あれから丁度2年。

大学時代の師匠、川崎優先生はもう御歳九十を超えて、今尚ご健在である。

一昨年2012年の春、先生の米寿のお祝いを兼ねたコンサートが浜松であり、自分も喜んで参加させて頂いた(関連記事)。

このコンサートの数日前に、師匠から直々にTel.が。
「君が参加する浜松のフルートオケ、いつも僕が振っているんだけど、僕も歳だし、今後は君に指揮とか任せたいんだけど、どう?」
神奈川在住の師匠は、月イチとはいえ、浜松まで振りに行くのは体力的に辛どいとの事。
自分はもっと遠い埼玉だが、他ならぬ師匠の頼み、二つ返事で承知した。

そして当日。

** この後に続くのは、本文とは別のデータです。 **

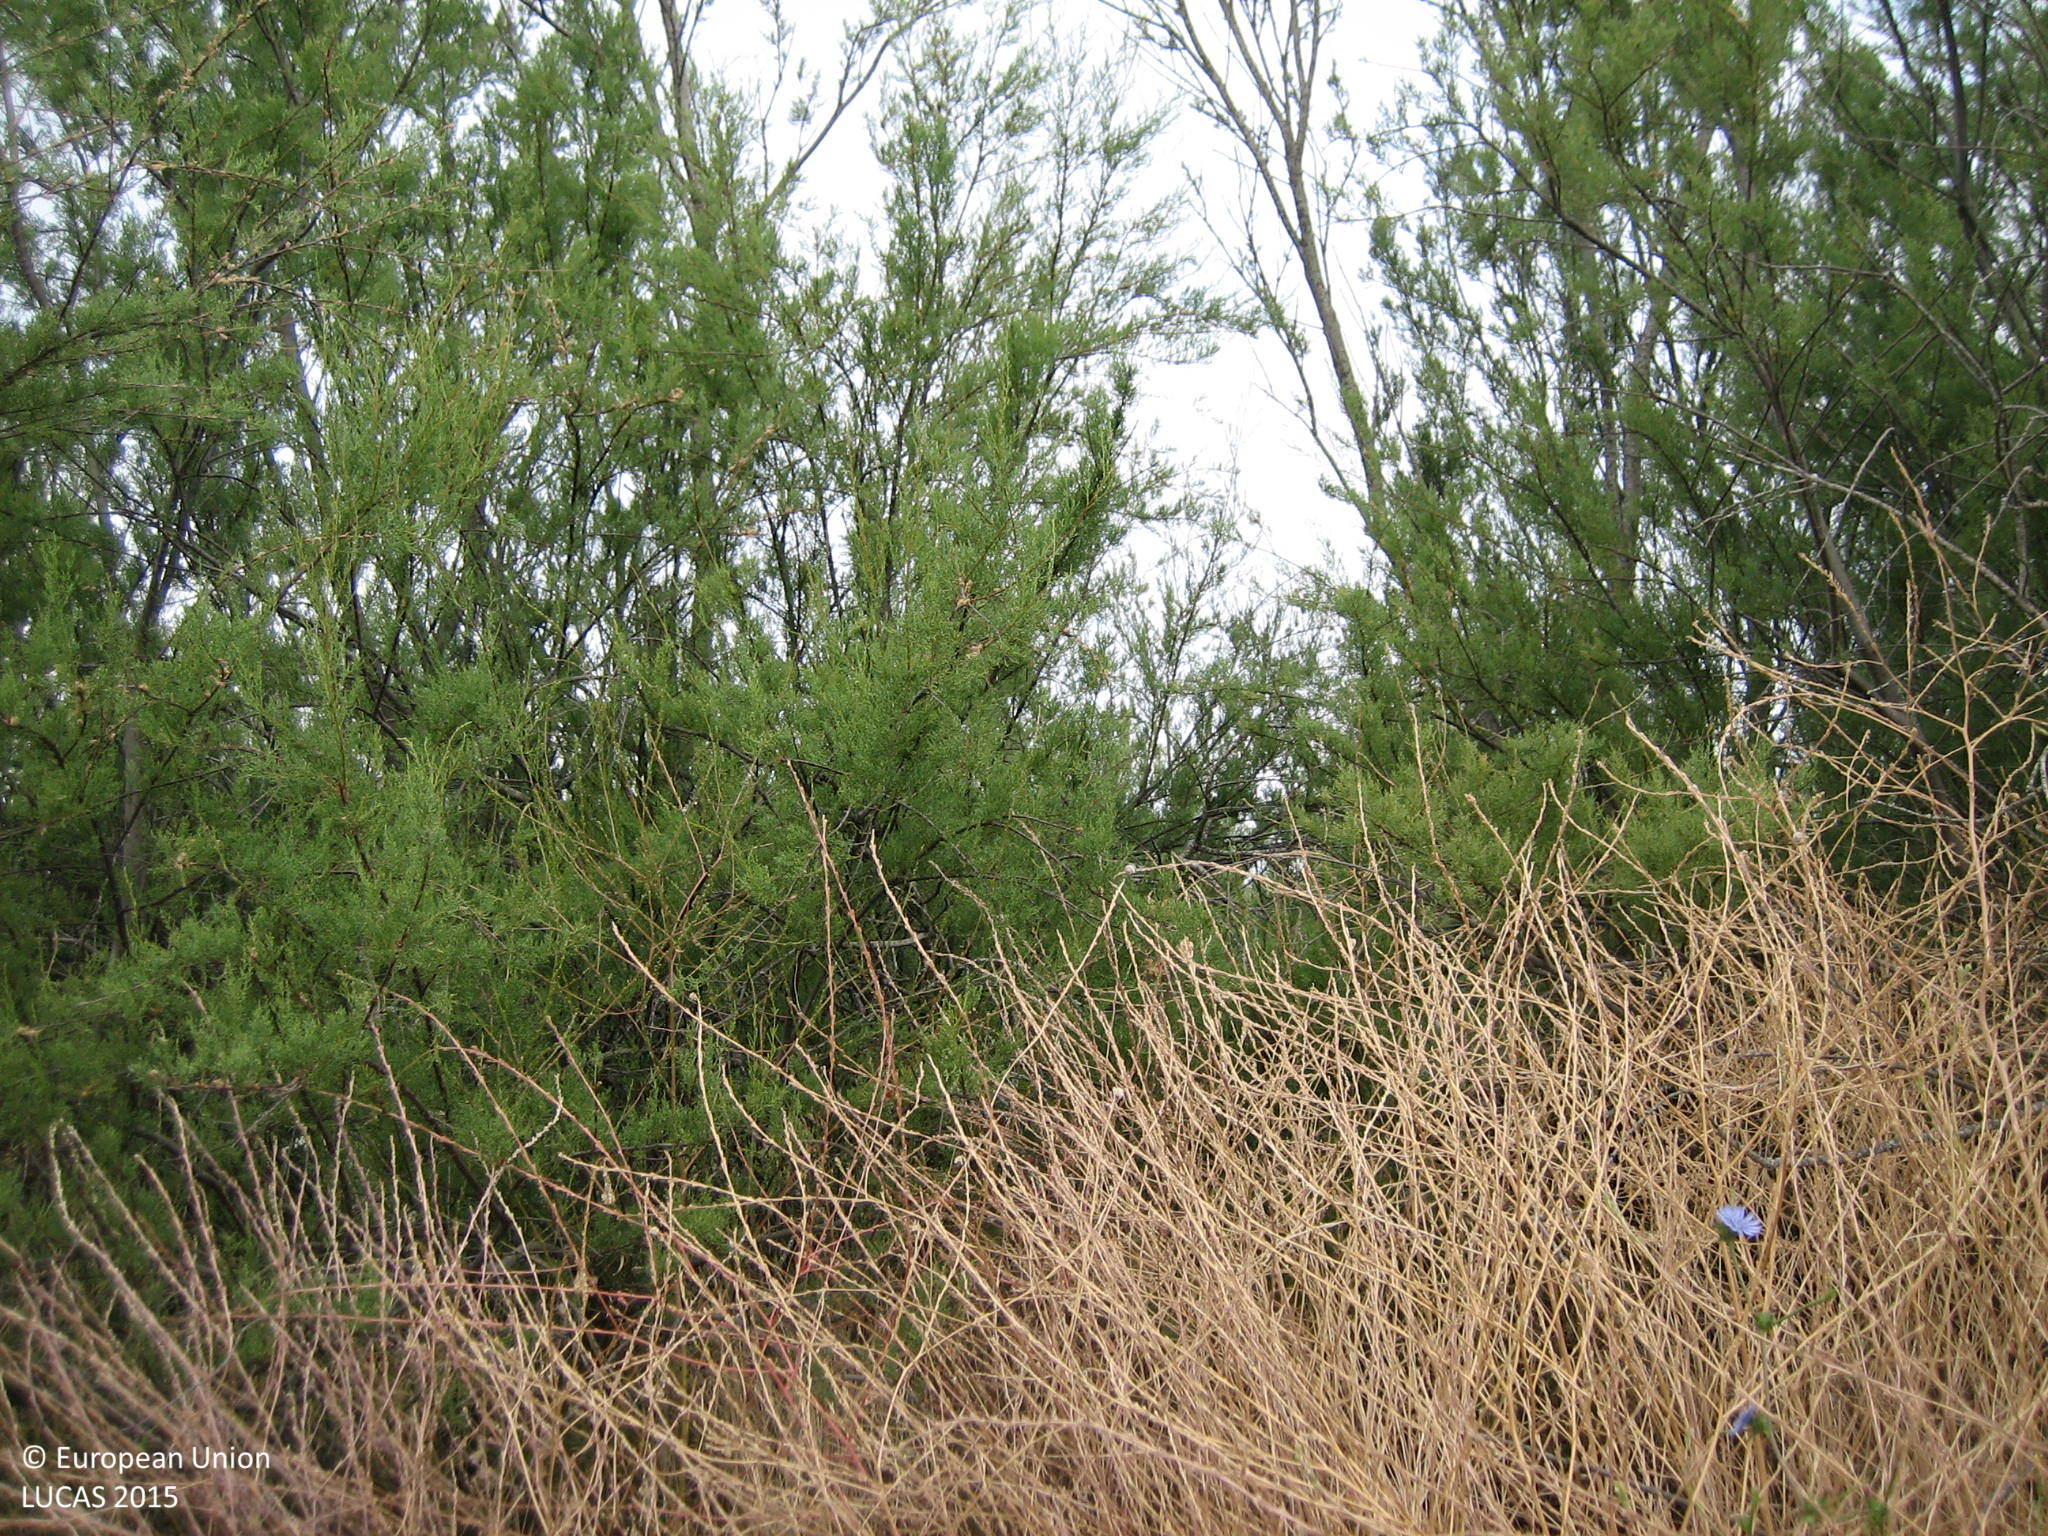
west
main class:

コンサートはその浜松のフルートオケ「ムジカkayabue」に、歴代の門下生有志一同がゴソッと加わる形での演奏。勿論自分もその1人であったが、師匠はコンサート本番にて、今回を以てご自身引退する事を公表し、またオケの後ろの方で吹いていた自分をステージの前面にわざわざ呼び出し、後任者として紹介して下さった。

終演後のレセプションでは、そんな川崎先生の引退を惜しむコメントが多く寄せられていた。「先生、まだお辞めにならないで下さい」的な。
自分もそう思った。まだまだお元気のようだし、「茅笛の会」「ムジカ・フィオーレ」等、歴代のフルートオケを振り続けてきた師匠には大切なLife Workだと思うのだが。
とはいえ、一応後任である自分の前で沢山の方々が「まだ辞めないで」をこうも連発されると、何か複雑な気分でもあった。

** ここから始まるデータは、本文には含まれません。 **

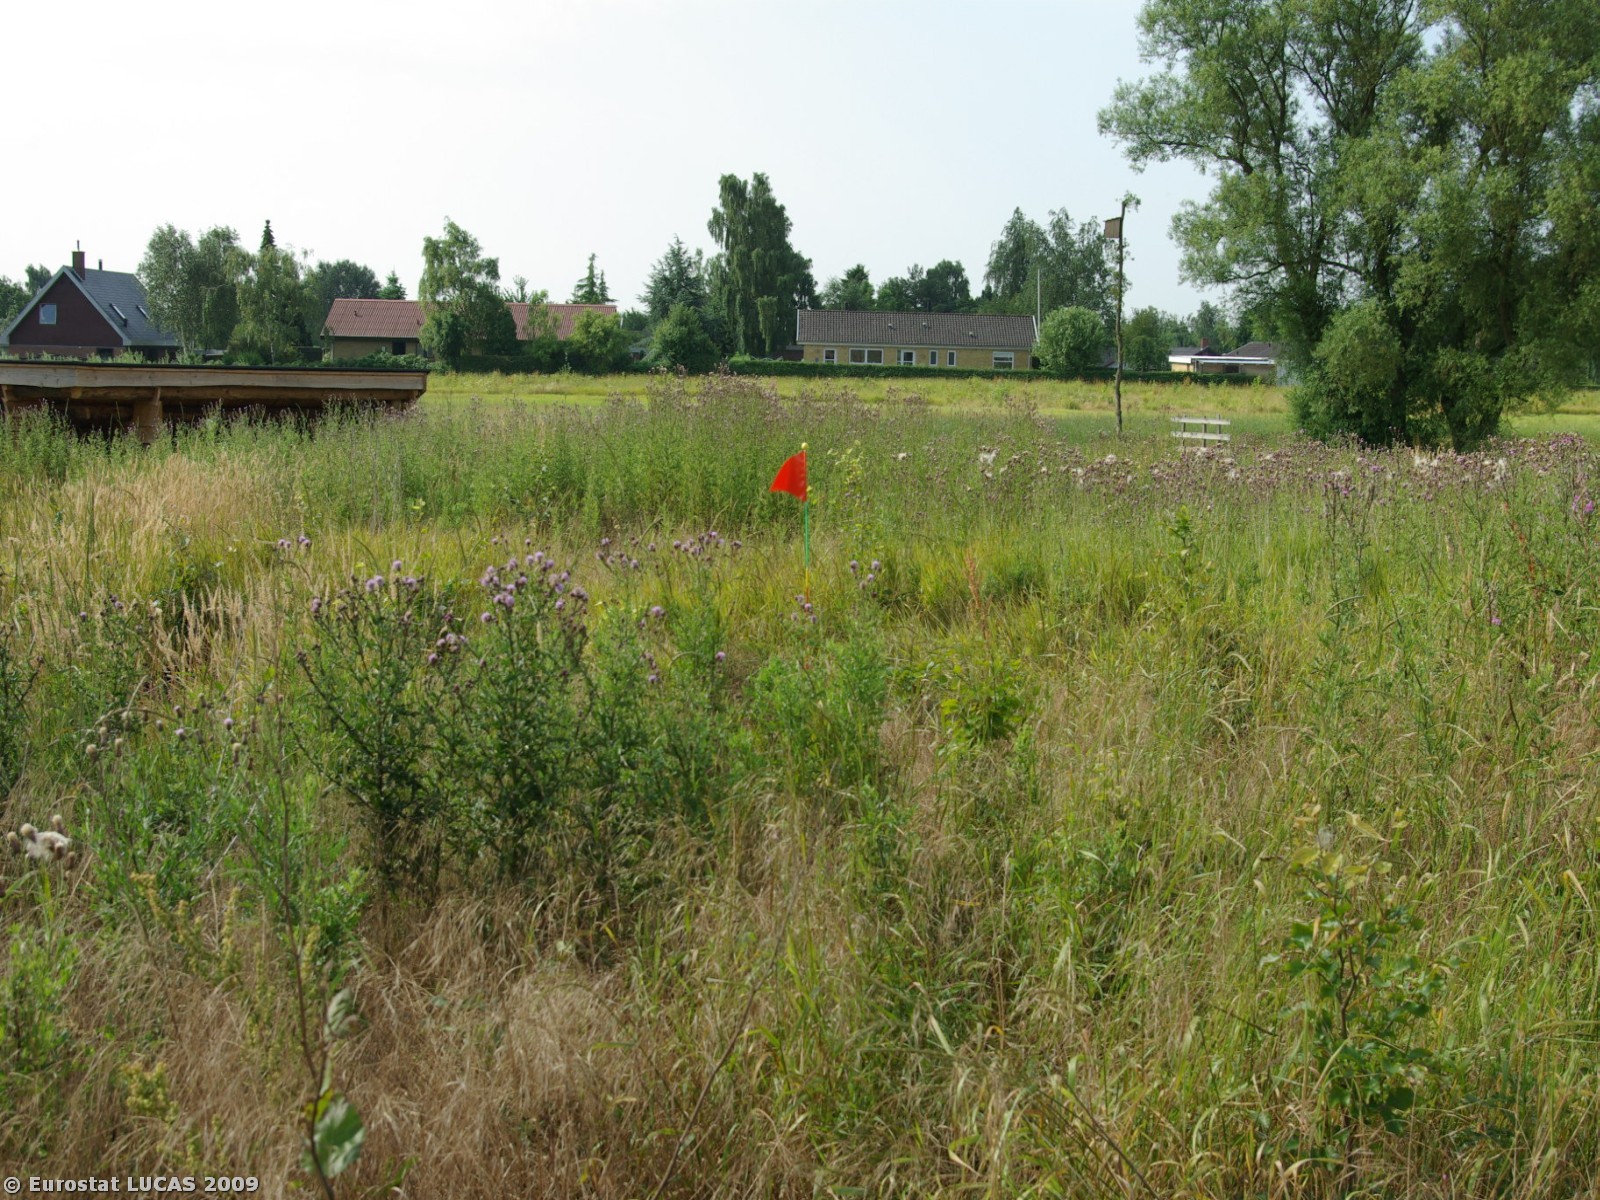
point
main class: Woodland
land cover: Broadleaved woodland
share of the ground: < 10 %
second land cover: Spontaneously vegetated surfaces
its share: > 75 %
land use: Amenities, museums, leisure
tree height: < 5 m
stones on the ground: < 10 %
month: July
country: DK
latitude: 54.9291
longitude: 9.6725

当の「ムジカkayabue」の人達はどう思っていたのだろうか?よく解らないが、皆川崎先生の素敵なお人柄に惹かれていた中で、いきなり部外者の自分が来る事に、多少困惑していたのではないか?
とにかくレセプションも終わり、代表の人には自分からも丁重に挨拶し、名刺を渡して「では今後の連絡をお待ちしています」と告げ、翌朝帰京した。

あれから今日で丁度2年経ったが、未だ何の連絡もない。